Protein kinase CK2: Signaling and tumorigenesis in the mammary gland

摘要

Breast cancer is a major cause of cancer death in women, and the genetic abnormalities leading to the common sporadic forms of the disease are still under active investigation. CK2 has been reported to be upregulated in human breast cancer, which these studies confirm; CK2 is also upregulated in rate carcinogen-induced breast tumors. Transgenic mice overexpressing CK2α in the mammary gland develop mammary hyperplasia, dysplasia, and eventually adenocarcinomas, demonstrating that dysregulated expression of CK2 can contribute to transformation of the mammary epithelium. These mammary tumors have evidence of activation of the Wnt and NFkB pathways and upregulation of c-Myc. CK2 capable of phosphorylating the key signaling molecule in the Wnt pathway, the transcriptional cofactor β-catenin, and regulating its turnover.
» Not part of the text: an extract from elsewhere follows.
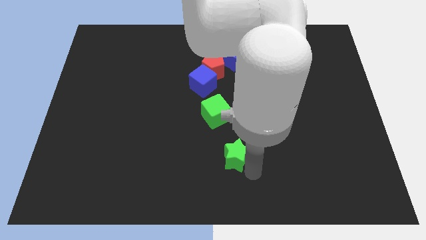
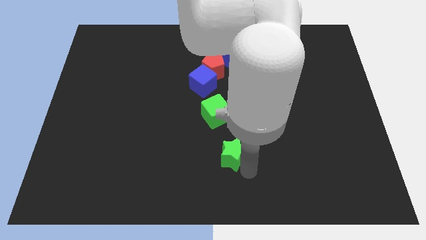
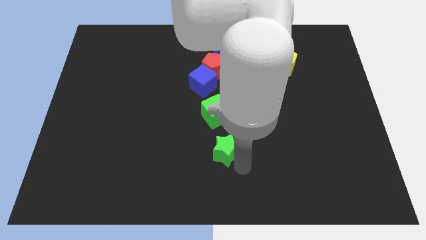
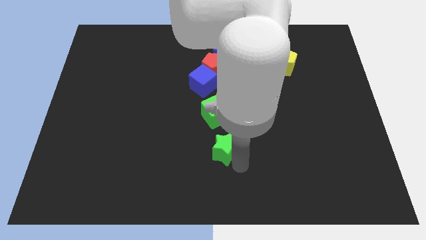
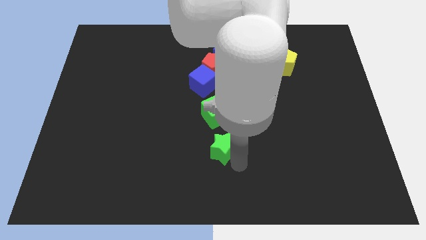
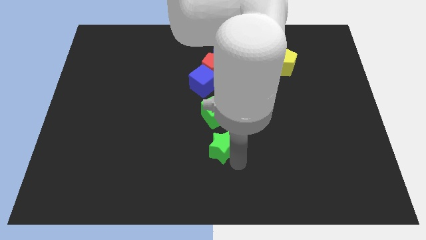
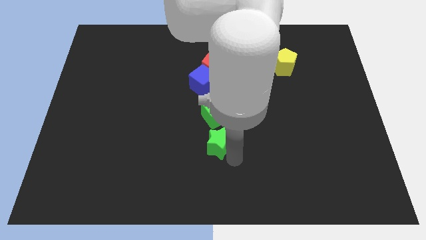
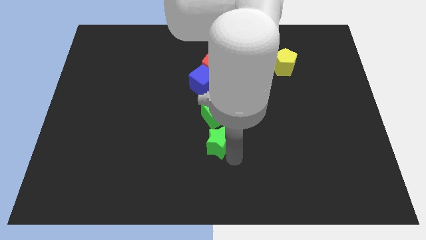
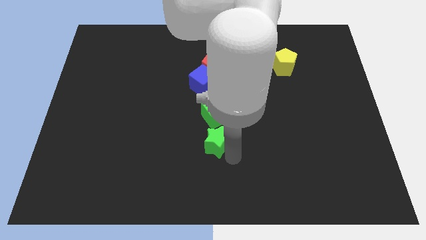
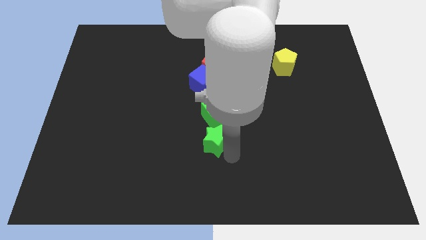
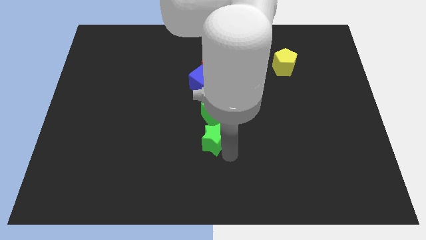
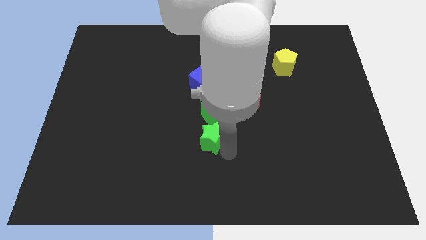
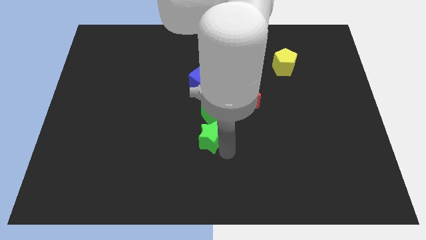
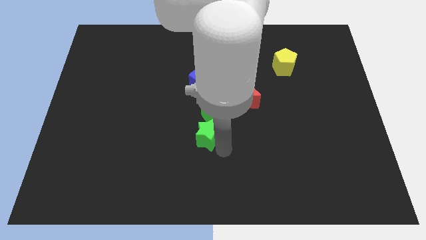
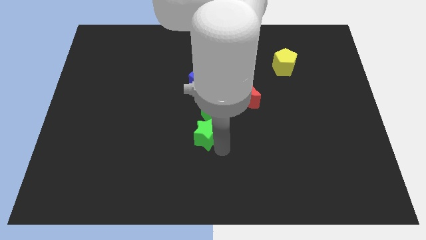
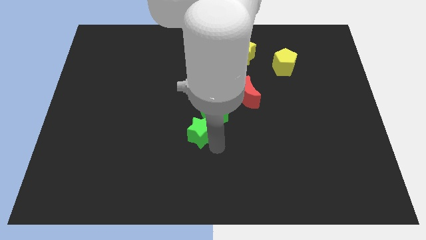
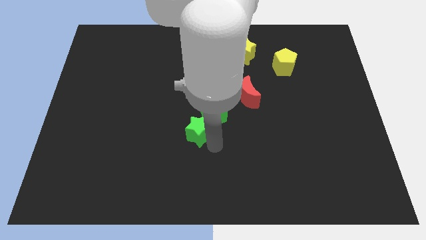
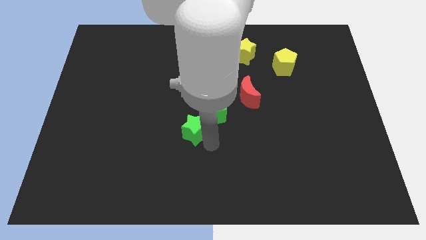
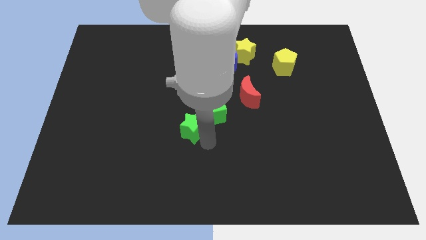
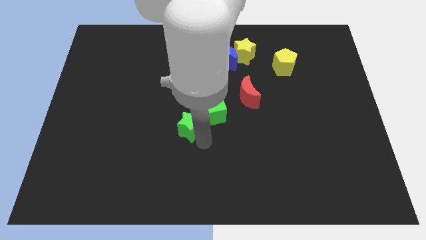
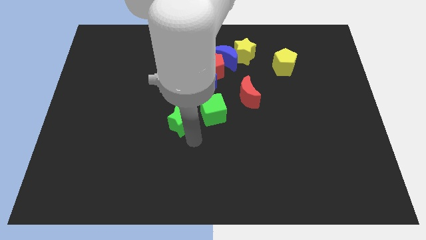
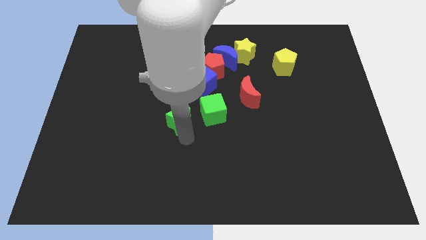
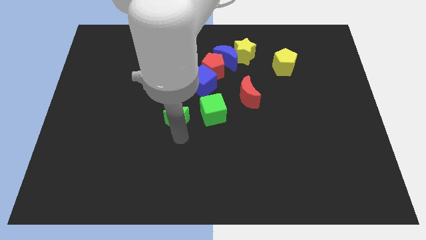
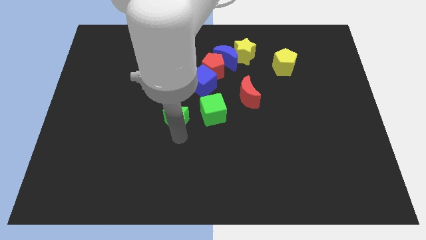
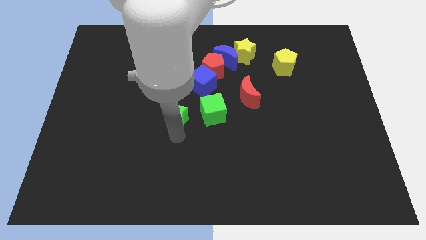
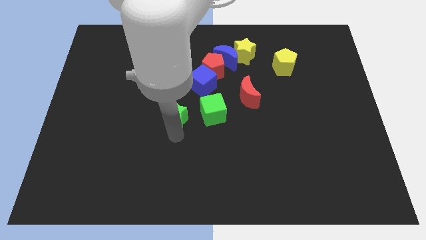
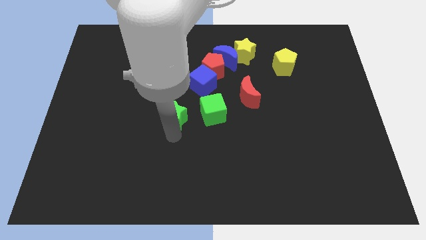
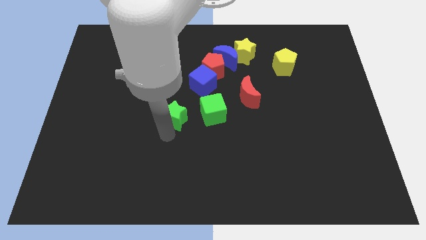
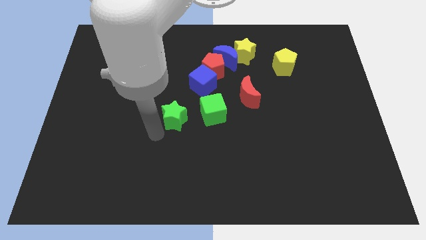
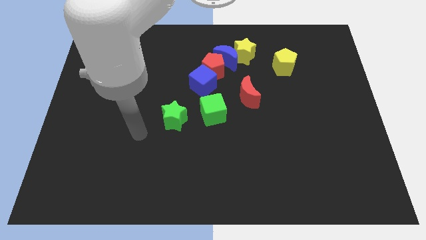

CK2 is known to phosphorylate IkB and thereby regulate basal NFkB levels; in the mammary cell lines and tumors, CK2 activity correlates with NFkB levels and inhibition of CK2 downregulates NFkB. Thus, CK2 may promote breast cancer through dysregulation of key pathways of transcriptional control in the mammary epithelium, and inhibition of CK2 has a potential role in the treatment of breast and other cancers.